TASK PROMPT:
Within the data below, determine how many lines contain "bridge" and supply only that figure.

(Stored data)
╔══
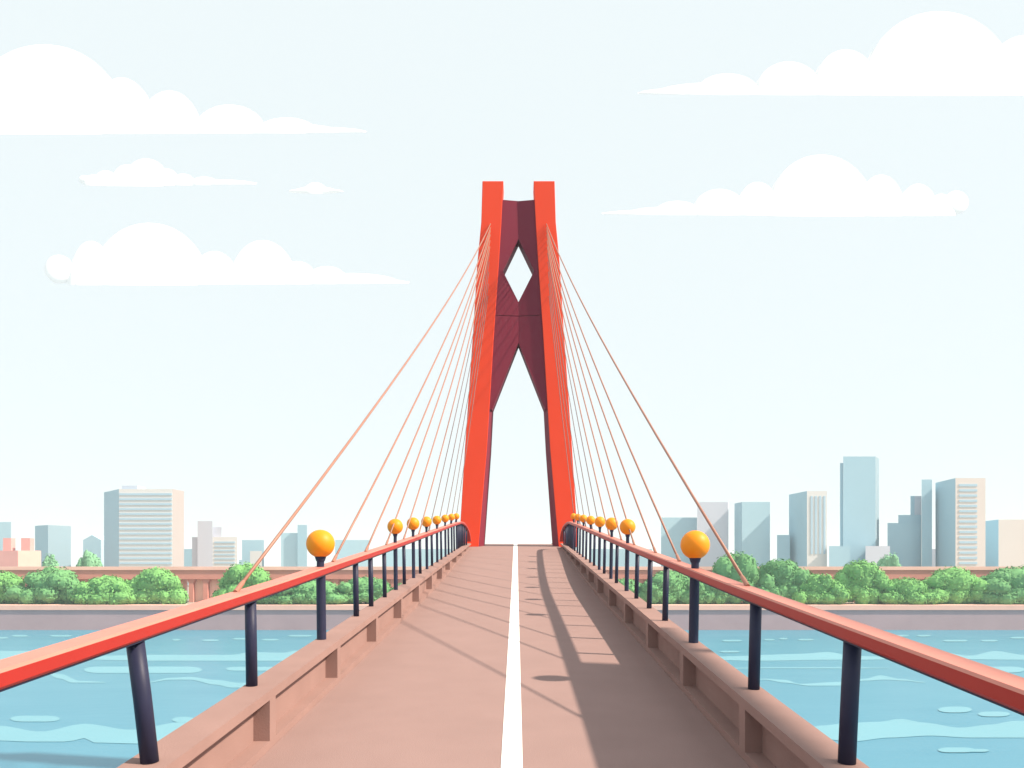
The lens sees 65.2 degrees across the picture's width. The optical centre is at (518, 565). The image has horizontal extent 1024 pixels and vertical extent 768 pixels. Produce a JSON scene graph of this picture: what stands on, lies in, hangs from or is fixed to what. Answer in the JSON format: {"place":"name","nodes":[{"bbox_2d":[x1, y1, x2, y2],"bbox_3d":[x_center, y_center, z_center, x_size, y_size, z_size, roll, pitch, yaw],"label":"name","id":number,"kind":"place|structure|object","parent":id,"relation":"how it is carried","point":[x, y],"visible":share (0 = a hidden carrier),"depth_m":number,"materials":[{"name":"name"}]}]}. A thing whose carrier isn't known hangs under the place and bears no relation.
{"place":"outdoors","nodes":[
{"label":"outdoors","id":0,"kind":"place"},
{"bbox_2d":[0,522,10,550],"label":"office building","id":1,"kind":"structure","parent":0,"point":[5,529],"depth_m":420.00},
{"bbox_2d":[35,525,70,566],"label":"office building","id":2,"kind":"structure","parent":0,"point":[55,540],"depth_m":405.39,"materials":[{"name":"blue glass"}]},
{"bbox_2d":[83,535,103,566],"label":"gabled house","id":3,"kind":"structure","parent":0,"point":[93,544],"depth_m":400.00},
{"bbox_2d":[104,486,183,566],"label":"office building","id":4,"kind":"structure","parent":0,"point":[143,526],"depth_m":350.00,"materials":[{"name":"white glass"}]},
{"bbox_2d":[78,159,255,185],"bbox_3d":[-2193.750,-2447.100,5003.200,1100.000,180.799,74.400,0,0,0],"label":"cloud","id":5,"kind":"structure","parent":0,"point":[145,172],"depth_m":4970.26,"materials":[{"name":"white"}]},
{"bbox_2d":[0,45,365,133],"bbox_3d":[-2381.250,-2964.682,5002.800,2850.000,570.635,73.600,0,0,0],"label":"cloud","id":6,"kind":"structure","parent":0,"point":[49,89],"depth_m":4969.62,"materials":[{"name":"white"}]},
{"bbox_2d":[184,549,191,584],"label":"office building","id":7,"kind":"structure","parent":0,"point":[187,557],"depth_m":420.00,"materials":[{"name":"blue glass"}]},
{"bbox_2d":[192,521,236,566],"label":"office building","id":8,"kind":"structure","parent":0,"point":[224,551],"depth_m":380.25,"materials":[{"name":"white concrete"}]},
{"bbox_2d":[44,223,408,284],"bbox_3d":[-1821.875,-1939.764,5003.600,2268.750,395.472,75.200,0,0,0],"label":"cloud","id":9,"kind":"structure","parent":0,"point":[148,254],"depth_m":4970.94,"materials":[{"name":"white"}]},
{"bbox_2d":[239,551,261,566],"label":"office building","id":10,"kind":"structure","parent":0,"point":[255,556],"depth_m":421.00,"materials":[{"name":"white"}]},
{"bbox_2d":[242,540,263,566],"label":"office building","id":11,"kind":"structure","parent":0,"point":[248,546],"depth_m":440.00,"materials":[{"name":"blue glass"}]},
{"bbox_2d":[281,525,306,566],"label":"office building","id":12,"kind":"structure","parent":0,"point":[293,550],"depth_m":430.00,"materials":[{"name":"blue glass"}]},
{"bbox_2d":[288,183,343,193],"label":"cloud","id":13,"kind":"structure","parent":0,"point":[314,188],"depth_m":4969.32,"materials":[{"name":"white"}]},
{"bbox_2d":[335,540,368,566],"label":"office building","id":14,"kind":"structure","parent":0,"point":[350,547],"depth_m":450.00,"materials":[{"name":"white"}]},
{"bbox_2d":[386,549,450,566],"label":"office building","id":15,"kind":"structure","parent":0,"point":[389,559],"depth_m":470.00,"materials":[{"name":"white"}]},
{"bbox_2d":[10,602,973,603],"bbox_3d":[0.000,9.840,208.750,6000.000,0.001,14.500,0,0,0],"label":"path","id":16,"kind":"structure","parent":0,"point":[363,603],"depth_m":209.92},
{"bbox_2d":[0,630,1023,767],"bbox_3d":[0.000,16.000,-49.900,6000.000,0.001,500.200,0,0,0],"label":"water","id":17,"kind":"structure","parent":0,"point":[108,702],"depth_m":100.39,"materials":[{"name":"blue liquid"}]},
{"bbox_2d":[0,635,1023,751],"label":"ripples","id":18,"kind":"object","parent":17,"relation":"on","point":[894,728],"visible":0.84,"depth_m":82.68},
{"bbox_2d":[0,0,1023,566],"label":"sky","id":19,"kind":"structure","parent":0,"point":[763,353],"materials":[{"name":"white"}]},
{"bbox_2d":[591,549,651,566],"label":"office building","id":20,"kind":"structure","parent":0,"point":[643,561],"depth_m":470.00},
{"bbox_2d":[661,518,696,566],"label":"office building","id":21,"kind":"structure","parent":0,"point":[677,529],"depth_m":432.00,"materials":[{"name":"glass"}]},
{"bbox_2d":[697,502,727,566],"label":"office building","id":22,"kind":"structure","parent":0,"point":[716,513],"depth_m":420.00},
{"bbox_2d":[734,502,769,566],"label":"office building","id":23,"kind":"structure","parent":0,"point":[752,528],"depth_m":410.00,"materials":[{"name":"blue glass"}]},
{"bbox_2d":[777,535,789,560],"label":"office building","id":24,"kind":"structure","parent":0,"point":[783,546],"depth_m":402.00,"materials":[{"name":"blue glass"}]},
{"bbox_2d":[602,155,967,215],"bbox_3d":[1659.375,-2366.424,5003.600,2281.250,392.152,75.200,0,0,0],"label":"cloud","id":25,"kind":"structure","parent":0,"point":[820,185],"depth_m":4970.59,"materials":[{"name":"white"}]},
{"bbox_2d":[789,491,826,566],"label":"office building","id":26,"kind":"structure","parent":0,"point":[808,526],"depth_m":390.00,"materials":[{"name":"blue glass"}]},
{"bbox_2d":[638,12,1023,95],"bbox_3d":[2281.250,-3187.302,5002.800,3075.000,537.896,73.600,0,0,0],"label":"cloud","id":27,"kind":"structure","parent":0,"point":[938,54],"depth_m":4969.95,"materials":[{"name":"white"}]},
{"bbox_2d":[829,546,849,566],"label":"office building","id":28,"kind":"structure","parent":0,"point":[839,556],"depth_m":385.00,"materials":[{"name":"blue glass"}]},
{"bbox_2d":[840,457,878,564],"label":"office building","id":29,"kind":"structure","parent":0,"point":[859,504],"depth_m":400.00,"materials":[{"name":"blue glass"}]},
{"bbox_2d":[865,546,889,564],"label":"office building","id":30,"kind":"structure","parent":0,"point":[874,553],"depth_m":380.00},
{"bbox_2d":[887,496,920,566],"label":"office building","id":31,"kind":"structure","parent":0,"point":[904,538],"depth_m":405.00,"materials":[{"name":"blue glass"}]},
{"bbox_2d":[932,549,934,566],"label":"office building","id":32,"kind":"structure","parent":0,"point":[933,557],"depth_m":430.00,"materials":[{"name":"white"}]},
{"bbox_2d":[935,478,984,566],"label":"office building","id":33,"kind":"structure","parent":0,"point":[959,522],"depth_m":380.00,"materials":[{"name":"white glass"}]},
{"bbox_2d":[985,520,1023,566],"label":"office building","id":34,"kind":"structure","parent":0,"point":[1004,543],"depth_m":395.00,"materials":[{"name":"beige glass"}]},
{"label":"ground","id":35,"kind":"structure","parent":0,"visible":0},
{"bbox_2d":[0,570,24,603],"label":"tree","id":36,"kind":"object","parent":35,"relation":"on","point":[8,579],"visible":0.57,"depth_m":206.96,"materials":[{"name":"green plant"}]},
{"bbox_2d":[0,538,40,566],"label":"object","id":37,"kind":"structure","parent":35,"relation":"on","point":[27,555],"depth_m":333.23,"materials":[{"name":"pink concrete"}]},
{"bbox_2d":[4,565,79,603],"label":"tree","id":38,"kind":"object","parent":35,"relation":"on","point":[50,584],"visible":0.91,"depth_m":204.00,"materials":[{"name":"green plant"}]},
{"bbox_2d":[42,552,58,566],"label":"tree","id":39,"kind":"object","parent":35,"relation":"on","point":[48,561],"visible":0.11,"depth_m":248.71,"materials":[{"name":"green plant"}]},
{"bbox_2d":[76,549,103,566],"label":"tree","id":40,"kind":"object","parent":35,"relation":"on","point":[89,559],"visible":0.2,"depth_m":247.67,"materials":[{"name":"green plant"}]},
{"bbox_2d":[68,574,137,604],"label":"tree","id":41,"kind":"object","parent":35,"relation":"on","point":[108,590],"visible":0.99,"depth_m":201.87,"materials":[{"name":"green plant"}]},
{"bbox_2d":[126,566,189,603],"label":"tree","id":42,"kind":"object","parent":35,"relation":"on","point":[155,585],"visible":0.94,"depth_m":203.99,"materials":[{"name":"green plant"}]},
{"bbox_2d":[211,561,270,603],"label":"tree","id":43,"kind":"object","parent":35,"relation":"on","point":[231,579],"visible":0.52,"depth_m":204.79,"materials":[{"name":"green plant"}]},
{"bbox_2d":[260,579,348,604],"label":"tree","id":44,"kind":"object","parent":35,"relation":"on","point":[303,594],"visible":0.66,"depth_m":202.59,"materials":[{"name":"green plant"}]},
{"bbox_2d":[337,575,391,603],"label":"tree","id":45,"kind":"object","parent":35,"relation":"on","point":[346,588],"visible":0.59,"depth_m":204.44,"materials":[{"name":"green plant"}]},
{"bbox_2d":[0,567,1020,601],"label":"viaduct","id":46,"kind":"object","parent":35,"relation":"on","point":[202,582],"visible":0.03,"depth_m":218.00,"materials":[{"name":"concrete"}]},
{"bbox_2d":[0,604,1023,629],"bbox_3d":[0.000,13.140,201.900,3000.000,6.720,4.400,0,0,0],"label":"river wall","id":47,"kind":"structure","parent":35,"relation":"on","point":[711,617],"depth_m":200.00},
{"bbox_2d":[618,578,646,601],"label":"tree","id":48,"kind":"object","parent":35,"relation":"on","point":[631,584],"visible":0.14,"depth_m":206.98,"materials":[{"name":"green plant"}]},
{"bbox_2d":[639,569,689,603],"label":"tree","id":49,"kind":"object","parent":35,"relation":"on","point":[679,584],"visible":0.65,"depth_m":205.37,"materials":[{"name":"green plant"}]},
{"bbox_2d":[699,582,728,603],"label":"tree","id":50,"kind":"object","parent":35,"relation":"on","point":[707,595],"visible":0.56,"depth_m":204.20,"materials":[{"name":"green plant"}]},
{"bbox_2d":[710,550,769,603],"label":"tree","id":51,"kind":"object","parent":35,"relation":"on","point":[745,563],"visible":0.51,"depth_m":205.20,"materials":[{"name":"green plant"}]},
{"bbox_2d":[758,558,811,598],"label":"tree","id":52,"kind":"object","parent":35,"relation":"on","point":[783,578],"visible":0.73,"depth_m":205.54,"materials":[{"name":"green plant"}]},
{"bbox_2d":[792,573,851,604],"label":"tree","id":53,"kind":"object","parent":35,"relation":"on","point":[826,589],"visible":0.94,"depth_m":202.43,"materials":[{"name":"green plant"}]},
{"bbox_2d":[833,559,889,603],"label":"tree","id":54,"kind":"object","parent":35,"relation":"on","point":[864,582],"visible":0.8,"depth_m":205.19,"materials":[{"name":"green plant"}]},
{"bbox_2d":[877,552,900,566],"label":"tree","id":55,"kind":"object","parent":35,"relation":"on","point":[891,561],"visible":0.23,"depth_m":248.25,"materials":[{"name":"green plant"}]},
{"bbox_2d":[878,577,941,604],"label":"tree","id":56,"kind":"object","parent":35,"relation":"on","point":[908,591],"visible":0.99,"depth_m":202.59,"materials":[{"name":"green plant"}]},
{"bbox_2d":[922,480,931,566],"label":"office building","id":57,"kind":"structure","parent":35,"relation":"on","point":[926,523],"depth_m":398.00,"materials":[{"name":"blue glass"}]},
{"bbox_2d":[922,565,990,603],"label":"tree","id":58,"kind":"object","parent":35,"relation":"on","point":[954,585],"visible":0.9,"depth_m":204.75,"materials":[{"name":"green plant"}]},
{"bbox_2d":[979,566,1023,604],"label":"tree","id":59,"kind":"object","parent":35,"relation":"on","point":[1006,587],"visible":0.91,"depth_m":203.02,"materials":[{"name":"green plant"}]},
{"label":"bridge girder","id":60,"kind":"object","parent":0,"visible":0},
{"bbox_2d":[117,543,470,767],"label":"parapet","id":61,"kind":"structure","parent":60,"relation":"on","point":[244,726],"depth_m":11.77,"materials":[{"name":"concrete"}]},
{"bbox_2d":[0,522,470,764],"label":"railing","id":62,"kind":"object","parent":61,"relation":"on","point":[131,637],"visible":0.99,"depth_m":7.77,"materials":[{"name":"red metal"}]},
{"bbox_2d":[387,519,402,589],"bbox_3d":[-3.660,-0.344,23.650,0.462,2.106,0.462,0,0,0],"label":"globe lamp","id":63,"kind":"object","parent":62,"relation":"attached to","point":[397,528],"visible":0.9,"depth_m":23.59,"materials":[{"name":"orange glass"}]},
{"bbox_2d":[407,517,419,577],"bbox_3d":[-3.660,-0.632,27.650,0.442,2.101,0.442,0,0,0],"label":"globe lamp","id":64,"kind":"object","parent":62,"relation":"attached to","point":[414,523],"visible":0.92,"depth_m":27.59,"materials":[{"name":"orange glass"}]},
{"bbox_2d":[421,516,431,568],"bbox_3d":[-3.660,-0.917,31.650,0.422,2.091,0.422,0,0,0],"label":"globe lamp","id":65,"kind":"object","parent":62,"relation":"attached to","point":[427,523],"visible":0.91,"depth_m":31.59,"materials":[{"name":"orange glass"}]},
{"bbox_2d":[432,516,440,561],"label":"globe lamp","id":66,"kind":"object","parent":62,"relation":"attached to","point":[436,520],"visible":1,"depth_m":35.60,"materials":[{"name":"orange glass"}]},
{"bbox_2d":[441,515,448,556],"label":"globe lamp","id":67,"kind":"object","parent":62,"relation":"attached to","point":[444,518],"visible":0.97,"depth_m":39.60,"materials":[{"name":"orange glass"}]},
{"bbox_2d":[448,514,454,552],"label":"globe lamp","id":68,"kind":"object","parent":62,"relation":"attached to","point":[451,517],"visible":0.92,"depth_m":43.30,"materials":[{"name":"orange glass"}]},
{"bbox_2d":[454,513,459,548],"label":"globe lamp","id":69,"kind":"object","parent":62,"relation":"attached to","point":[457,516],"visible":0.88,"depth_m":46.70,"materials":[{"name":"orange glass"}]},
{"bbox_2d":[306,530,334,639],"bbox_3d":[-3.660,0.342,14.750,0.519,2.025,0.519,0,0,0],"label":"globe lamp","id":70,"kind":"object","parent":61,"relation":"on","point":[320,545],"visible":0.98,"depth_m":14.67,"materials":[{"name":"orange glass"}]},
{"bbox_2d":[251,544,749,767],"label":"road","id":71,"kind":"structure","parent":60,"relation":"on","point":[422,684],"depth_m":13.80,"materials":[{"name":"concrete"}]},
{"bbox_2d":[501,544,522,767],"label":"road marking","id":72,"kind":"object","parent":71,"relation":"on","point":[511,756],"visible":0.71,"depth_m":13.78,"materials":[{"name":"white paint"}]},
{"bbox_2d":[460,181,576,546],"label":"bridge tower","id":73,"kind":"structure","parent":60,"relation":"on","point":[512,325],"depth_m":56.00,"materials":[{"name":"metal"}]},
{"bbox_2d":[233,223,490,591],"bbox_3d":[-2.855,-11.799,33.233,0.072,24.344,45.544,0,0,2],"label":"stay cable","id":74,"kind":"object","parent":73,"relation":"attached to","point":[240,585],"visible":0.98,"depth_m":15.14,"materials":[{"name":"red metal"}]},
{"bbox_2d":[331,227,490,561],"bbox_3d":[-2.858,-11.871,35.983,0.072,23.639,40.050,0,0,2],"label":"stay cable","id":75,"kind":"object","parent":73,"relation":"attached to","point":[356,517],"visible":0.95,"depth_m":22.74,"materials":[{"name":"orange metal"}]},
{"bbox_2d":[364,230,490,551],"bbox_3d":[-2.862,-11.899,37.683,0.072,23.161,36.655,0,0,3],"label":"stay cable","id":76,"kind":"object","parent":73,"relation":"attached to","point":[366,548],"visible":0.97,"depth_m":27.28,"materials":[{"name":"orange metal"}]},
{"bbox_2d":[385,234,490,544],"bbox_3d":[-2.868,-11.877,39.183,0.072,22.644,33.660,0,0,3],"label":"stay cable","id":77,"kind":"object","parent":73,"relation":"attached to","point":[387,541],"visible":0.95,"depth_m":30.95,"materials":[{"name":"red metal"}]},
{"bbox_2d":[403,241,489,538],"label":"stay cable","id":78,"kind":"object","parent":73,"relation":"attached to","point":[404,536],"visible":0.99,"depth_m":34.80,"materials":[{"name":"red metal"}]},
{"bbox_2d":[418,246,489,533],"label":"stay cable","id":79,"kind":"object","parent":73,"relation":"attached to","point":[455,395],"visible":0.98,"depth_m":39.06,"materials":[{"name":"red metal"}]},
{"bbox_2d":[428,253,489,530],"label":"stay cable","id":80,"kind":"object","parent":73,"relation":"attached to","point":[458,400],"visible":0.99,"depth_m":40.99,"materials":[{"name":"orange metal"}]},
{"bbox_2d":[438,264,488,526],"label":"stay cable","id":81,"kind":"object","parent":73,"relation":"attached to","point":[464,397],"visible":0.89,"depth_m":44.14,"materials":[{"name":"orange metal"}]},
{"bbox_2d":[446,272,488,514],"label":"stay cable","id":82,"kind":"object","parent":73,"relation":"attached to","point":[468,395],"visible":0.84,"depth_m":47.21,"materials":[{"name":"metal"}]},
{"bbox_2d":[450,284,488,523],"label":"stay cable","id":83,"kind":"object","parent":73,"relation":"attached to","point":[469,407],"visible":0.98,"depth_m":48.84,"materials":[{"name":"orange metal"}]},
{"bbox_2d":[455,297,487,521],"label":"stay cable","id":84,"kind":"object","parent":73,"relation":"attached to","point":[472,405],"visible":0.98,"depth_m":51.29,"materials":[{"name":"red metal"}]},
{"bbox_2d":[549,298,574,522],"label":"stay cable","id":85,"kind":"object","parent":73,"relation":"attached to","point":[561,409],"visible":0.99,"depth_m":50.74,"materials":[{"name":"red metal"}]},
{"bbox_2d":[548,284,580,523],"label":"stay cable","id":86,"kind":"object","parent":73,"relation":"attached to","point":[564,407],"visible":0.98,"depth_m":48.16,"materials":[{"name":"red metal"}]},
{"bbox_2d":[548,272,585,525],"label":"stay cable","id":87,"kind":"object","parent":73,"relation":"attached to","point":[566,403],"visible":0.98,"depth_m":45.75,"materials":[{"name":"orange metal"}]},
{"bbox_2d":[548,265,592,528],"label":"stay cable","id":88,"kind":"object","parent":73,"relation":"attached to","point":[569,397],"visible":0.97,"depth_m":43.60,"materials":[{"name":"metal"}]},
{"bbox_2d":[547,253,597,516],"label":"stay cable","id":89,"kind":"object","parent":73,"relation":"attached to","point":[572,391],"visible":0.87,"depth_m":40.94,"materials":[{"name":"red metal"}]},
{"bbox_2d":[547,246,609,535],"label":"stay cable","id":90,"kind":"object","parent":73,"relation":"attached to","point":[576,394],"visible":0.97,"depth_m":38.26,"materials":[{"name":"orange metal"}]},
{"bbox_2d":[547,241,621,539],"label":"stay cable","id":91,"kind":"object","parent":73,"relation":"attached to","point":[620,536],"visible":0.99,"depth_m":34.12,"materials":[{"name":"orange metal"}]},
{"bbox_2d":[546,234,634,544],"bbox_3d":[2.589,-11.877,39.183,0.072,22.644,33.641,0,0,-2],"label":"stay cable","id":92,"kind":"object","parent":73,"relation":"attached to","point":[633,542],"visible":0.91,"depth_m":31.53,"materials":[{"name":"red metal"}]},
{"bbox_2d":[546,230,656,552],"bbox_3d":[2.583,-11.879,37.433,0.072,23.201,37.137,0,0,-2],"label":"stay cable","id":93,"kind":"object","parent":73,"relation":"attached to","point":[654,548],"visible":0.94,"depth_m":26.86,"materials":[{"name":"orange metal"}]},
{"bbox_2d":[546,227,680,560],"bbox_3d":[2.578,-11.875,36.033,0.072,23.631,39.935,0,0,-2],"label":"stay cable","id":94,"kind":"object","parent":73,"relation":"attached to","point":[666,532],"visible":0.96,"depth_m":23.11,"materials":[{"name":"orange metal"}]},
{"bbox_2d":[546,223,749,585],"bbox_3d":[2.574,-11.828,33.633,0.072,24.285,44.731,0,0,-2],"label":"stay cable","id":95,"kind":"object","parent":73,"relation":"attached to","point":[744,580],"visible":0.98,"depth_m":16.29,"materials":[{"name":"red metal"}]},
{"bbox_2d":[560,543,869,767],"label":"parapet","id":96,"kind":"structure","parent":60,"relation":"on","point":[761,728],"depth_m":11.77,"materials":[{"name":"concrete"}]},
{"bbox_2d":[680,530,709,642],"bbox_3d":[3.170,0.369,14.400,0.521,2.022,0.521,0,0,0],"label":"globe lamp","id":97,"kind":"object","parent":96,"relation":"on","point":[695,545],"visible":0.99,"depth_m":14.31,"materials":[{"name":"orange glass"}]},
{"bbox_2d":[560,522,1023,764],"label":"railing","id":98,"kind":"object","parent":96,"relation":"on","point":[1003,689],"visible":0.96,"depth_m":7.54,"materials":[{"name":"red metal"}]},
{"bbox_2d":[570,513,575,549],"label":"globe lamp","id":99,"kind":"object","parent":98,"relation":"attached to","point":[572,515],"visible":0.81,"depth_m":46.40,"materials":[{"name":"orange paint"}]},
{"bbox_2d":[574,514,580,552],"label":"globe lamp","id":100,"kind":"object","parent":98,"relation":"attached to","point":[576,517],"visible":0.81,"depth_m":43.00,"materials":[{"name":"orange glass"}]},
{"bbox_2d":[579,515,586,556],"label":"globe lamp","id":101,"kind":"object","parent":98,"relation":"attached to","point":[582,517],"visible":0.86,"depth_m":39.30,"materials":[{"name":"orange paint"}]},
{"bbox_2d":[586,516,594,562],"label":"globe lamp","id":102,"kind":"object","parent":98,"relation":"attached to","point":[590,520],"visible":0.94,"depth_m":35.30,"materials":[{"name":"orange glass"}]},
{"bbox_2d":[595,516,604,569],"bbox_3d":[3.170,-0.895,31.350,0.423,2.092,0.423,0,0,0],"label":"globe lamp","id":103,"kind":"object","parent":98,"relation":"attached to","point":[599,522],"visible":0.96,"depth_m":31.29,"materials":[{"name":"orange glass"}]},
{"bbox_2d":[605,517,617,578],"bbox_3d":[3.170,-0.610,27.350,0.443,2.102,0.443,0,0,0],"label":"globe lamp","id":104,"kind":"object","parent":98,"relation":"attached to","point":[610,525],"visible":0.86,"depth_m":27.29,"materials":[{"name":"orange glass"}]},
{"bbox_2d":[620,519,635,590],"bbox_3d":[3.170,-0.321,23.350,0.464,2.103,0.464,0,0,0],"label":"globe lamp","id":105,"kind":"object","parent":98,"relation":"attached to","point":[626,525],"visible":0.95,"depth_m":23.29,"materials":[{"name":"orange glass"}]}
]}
╚══
RESPONSE FOR THIS EXERCISE:
2